# Vacation



## jim42 (Sep 26, 2008)

Where to stay in Israel...Tel Aviv or Jerusalem? Thanks


----------



## Foot Ball (May 8, 2013)

Well both of them are enchanted places...after all it is the hOLY LAND .... very magical place indeed.
Now back to ur question, I think it depends on what are you looking for........ If u are a religious person then yes Jerusalem will embrace your needs,,,,,, But as a foreigner, moderate and so on I reckon Tel Aviv has more to offer


----------



## Df2 (Jun 15, 2013)

This may be to late - I just joined today - but here goes.
Jerusalem has more to offer than just religion. The Old City is a fantastic place to visit, full of history. There are a number of tours you can take. One interesting one is around the walls, but there are others available. You have the Mt of Olives, City of David and other historical sites.

Tel Aviv on the other hand is a more "modern" city without the thousand years of history that Jerusalem has. However, it does have a much more active night life, and on Friday night and Saturday (the Sabbath) many places are open. In Jerusalem there is much less going on during that time.

Also take into account that the bus service between Tel Aviv and Jerusalem is about 45 minutes so you can go back and forth. There is also a lovely train ride worth taking although it takes quite a bit more time.

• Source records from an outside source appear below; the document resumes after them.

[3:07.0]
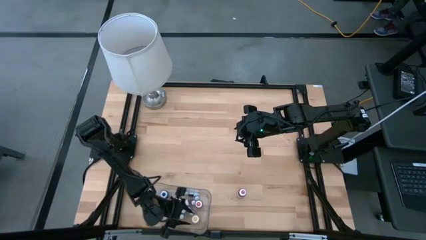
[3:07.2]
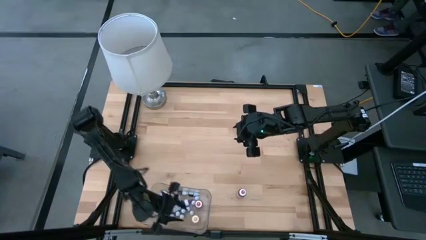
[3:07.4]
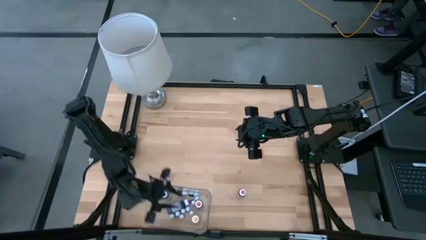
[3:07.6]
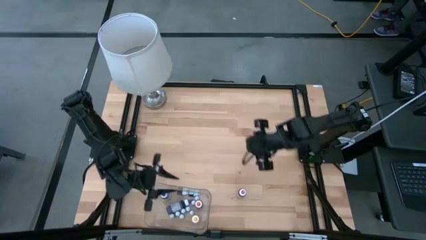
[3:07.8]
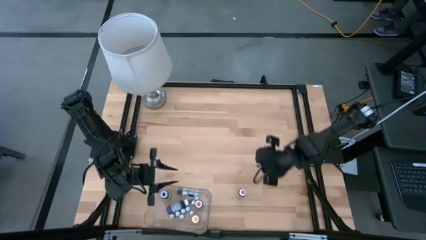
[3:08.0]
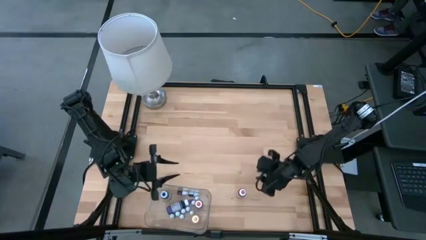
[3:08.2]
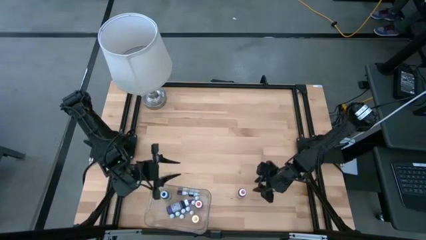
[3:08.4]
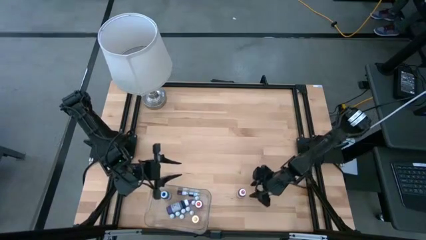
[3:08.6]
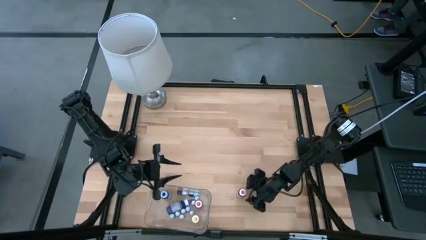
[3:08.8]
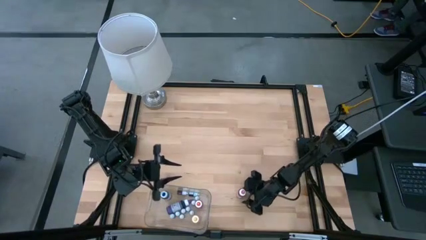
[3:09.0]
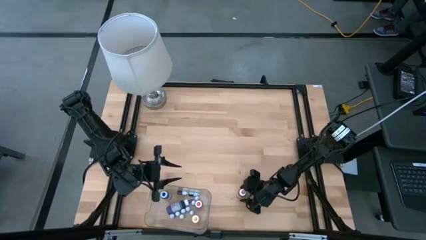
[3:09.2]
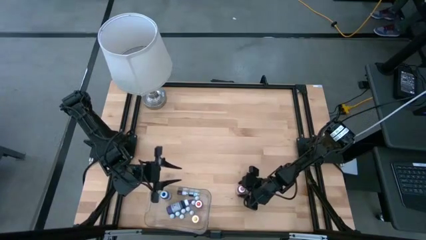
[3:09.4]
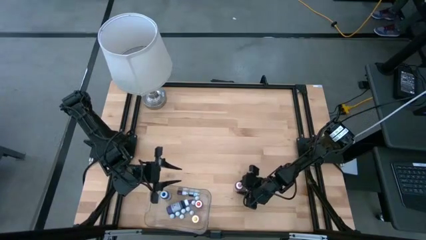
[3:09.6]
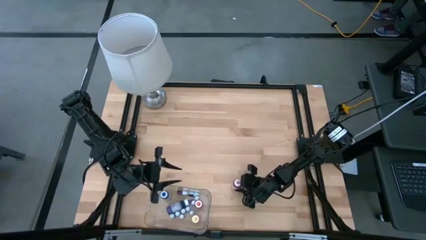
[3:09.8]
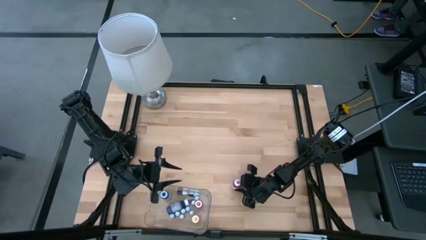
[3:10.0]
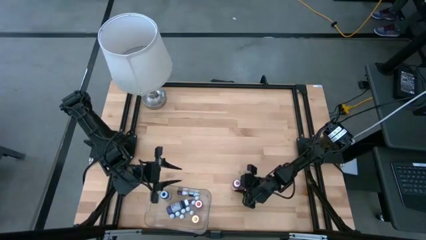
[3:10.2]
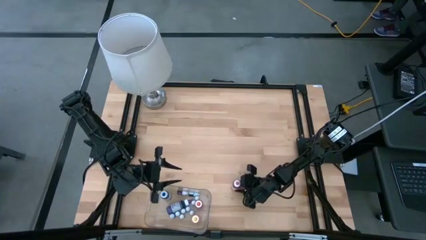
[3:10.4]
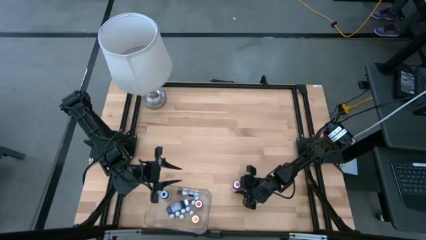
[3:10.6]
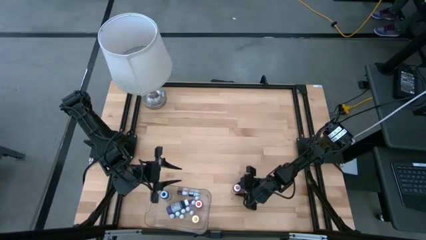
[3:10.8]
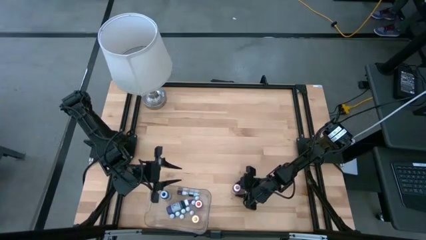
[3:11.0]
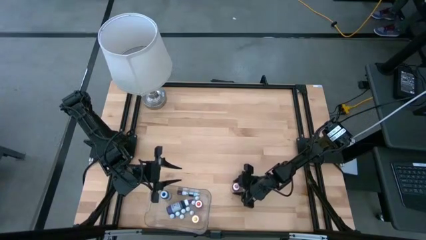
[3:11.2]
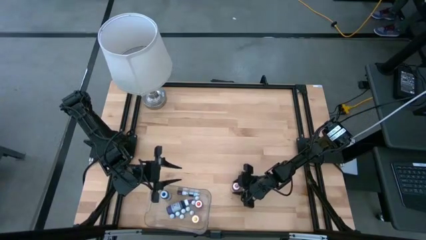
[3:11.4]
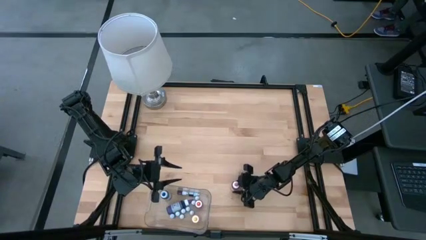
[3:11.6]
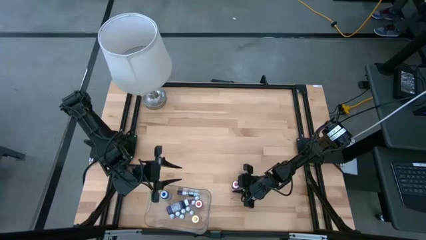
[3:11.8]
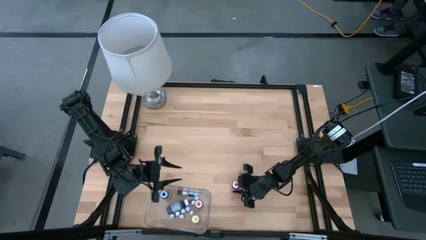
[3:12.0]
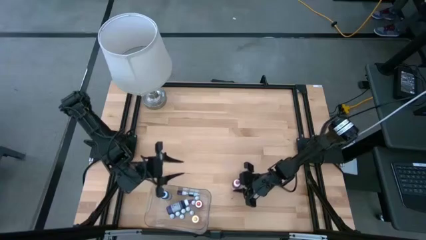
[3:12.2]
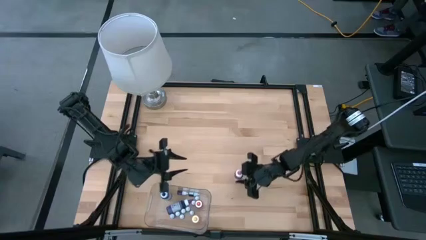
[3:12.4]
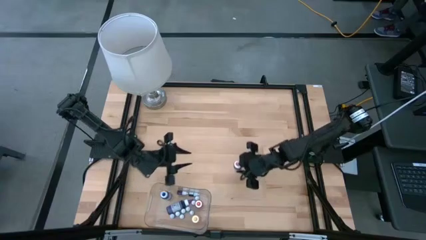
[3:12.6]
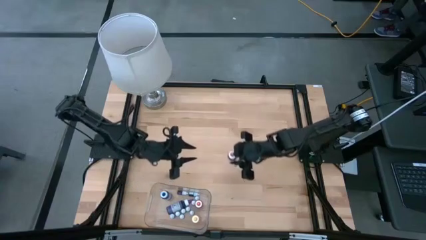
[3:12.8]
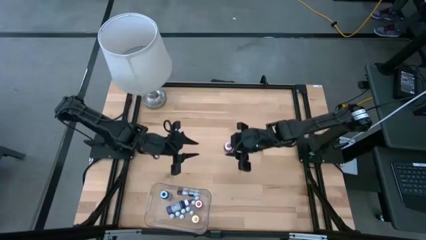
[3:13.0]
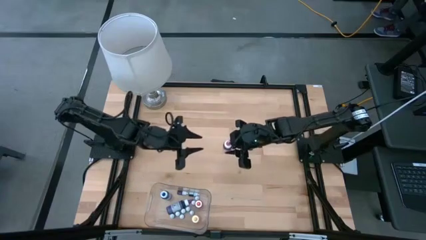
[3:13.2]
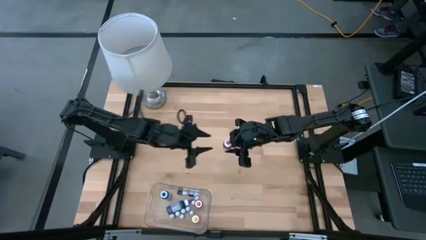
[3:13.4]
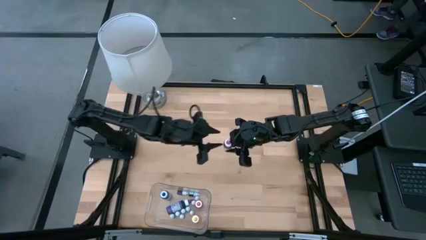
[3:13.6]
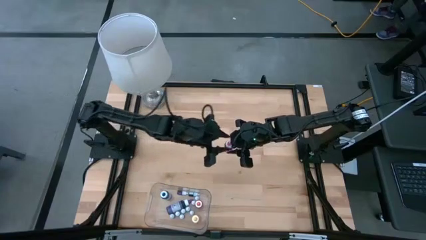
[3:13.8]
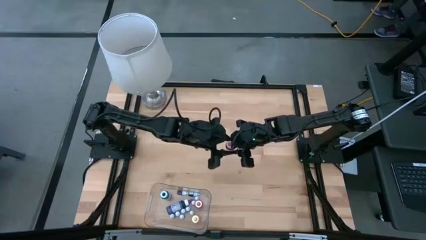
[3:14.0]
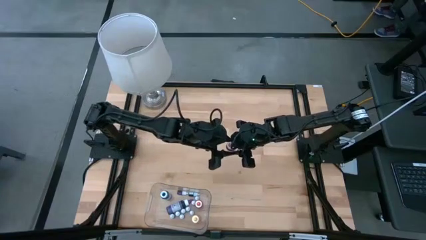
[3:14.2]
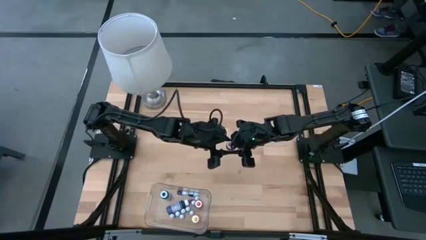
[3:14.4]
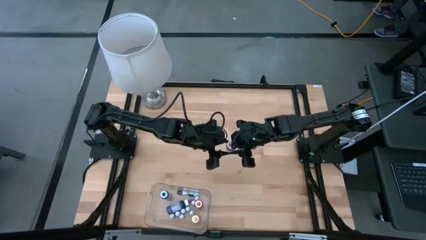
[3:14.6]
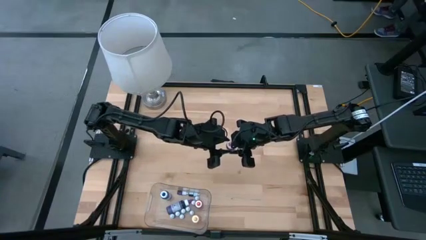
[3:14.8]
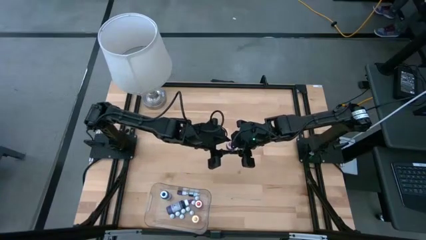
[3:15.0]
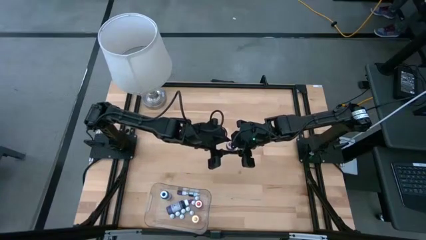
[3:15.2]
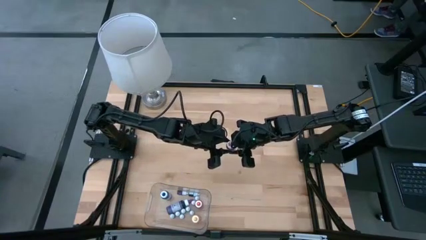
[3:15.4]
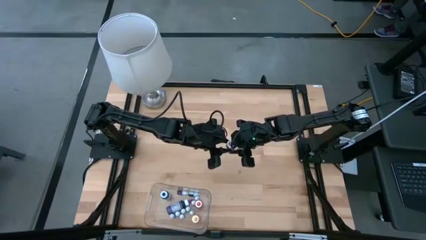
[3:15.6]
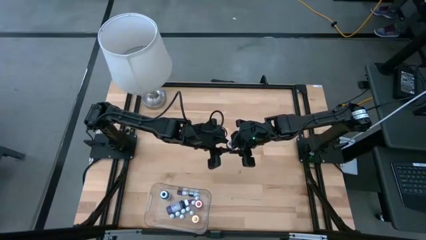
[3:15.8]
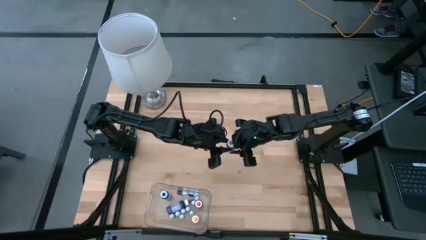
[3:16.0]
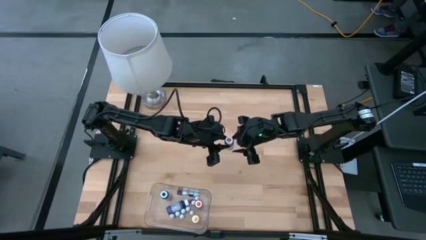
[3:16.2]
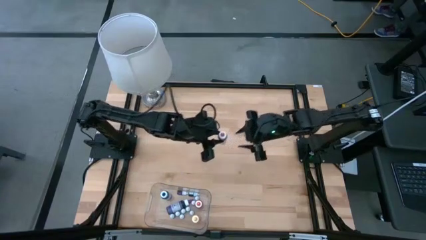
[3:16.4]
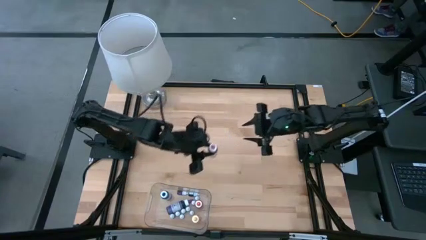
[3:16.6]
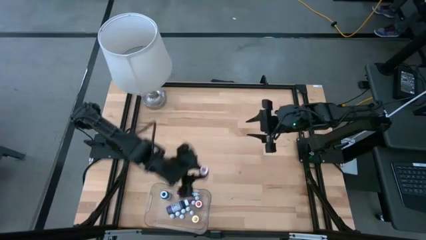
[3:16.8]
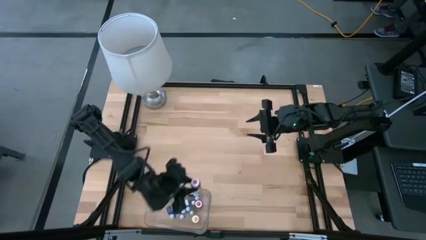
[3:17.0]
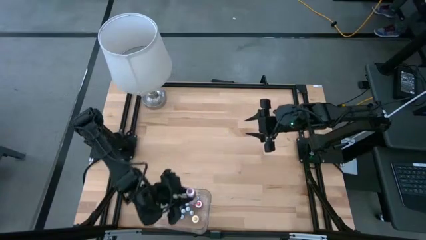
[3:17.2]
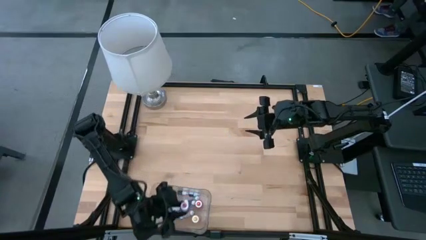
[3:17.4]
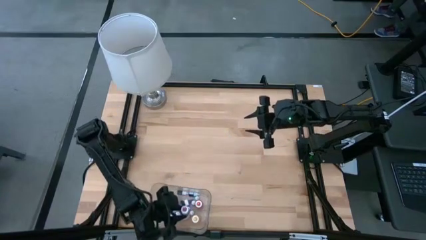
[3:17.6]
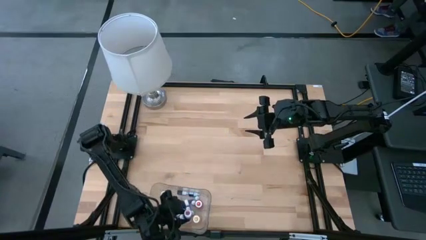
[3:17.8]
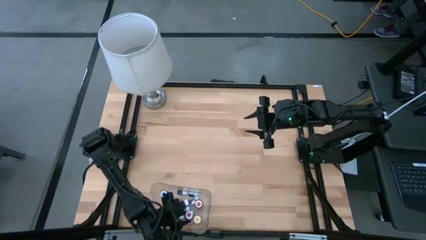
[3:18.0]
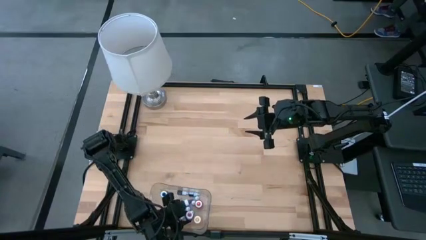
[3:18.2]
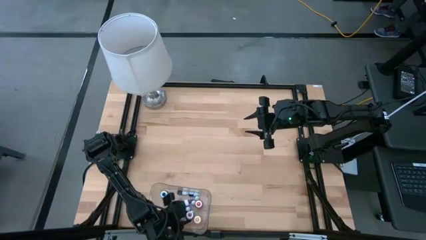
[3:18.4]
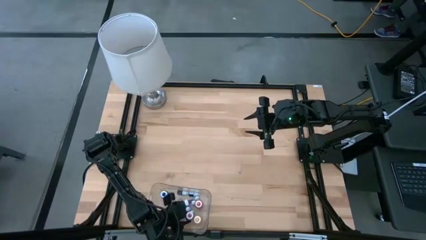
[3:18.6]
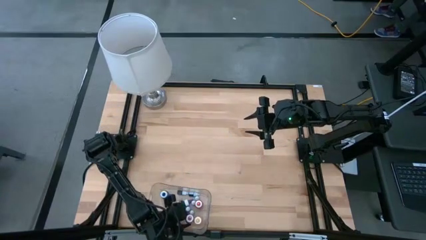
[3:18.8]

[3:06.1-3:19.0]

As Foot Ball said, it depends on what you are looking for but IMO you can't go wrong with either place.


----------



## jim42 (Sep 26, 2008)

Thanks for the responses........


----------



## jim42 (Sep 26, 2008)

Tel Aviv it will be. I will take bus/train and see as much as the country as I can. I have plenty of time for planning purposes as I will be in Mexico in Sep. Hopefully when the time comes I can still bum a free flight on a military aircraft thereby cutting back on expenses.


----------



## karen007 (Jul 3, 2013)

Nice choice.Tel Aviv is better one.Enjoy yourself!!


----------



## jim42 (Sep 26, 2008)

I have made airline reservations for Mar '15. Can anyone recommend a nice but moderately priced hotel in TA? Thanks, Jim


----------



## jim42 (Sep 26, 2008)

*Vaca*

Changed my mind........I will be staying in Jerusalem. Anyone know, rough guess, walking time from Yehuda St to Old City? Thanks again, Jim


----------